Presseerklärung Nr. 9/2021

Große BRAO-Reform - Wichtige Forderungen der BRAK übernommen, in Teilen aber wenig überzeugend

09.06.2021Presseerklärung

Nachdem sich die Rechtspolitiker der Koalition bereits in der letzten Woche in Sachen großer BRAO-Reform geeinigt hatten, folgt nun morgen die Verabschiedung des Gesetzes durch den Deutschen Bundestag. Einige Forderungen der Bundesrechtsanwaltskammer (BRAK) haben Gehör gefunden und wurden in die finale Fassung übernommen. Hinter den Erwartungen der BRAK blieb der Entwurf jedoch zurück. Dies ist umso bedauerlicher, als die BRAK mit einer Stellungnahme im Jahr 2018 konkrete Formulierungsvorschläge für eine Änderung der BRAO unterbreitet hatte.

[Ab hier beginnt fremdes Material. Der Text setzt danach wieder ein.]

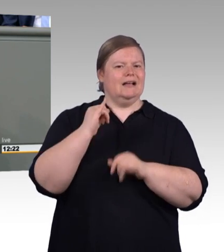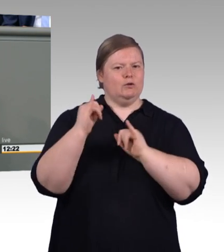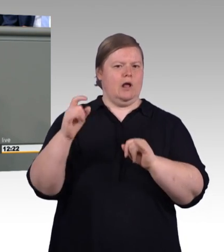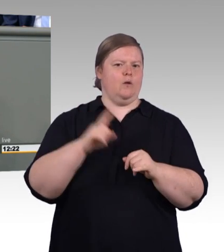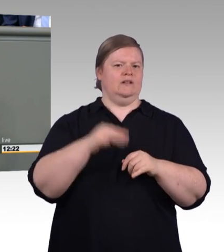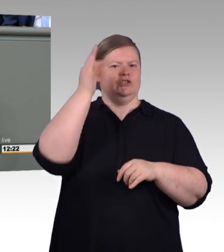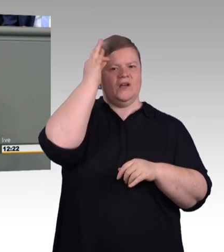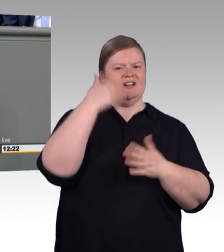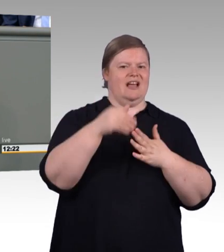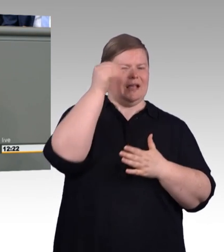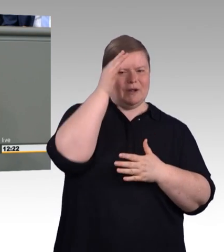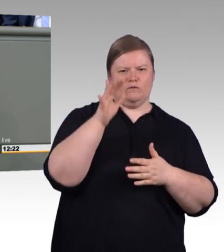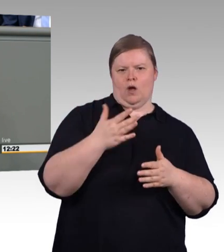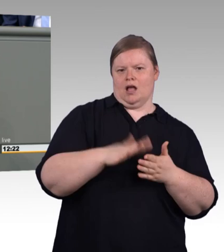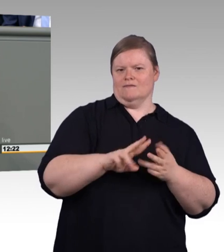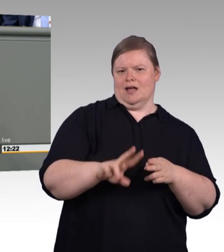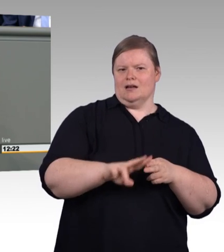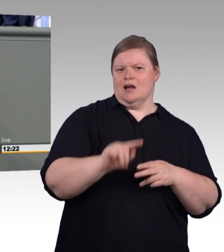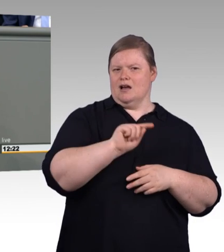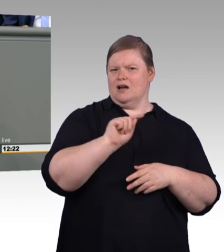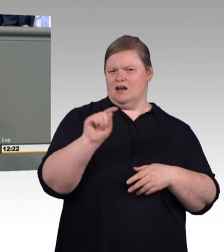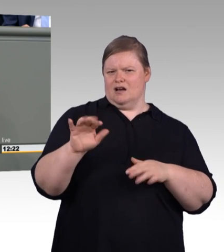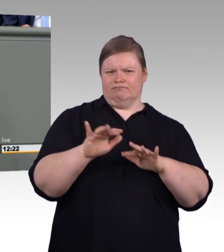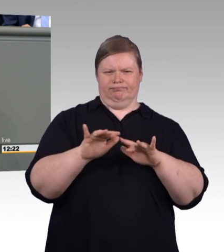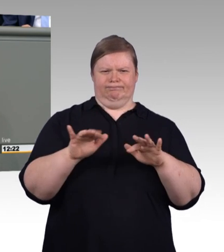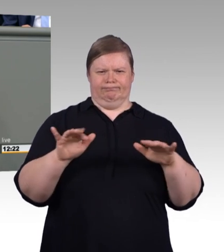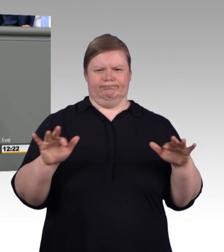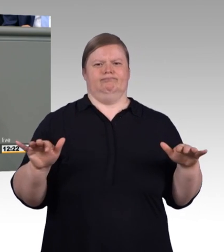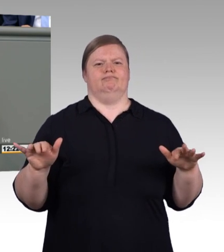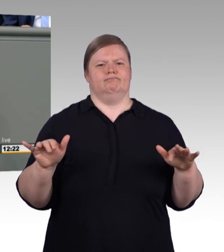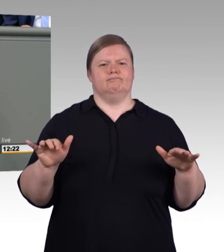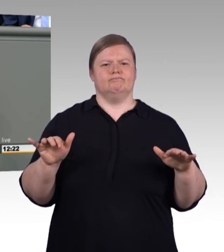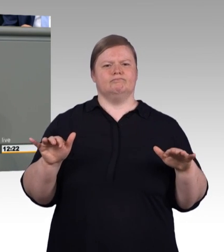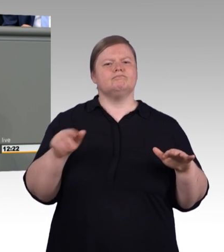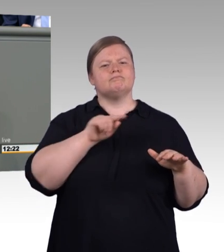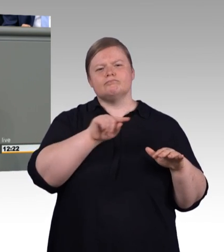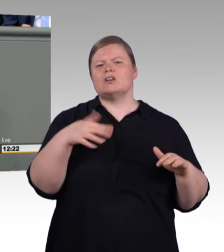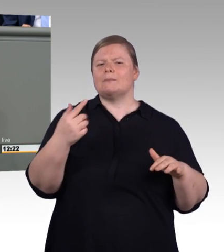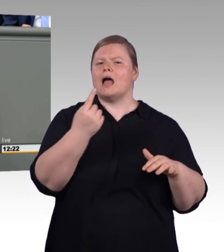Und wir brauchen einen massiven Ausbau von Handwerkslehrstühlen. Wissen Sie, dass es gerade nochmal eine

Nicht durchsetzen konnte sich die BRAK beim Thema Sozietätsfähigkeit. Hier bleibt es beim ursprünglichen Vorschlag der Rechtspolitik, so dass künftig Rechtsanwälte ihren Beruf mit allen freien – auch nichtverkammerten – Berufen nach § 1 Abs. 2 PartGG ausüben dürfen.  Rechtsanwalt André Haug, für das Berufsrecht zuständiger Vizepräsident der BRAK, bedauert diese Entwicklung: „Das ursprüngliche Verbot der beruflichen Verbindung mit anderen als den in § 59a Abs. 1 BRAO genannten Berufen war kein Selbstzweck, sondern diente dem Schutz des rechtsuchenden Bürgers. Der Schutz des Mandanten durch besondere anwaltliche Pflichten und Privilegien sollte nicht dadurch ausgehebelt werden, dass sich Dritte, die diesen Pflichten und Privilegien nicht unterliegen, mit Rechtsanwälten zusammenschließen. Die nun getroffene Regelung ist meines Erachtens nicht hinreichend durchdacht und trägt den Core Values der Anwaltschaft nicht ausreichend Rechnung“.

Das von Bundesrechtsanwaltskammer – wie auch von Wissenschaft und Praxis - mit Nachdruck kritisierte Tätigkeitsverbot beim Erhalt vertraulicher Informationen wurde dagegen erfreulicherweise gestrichen.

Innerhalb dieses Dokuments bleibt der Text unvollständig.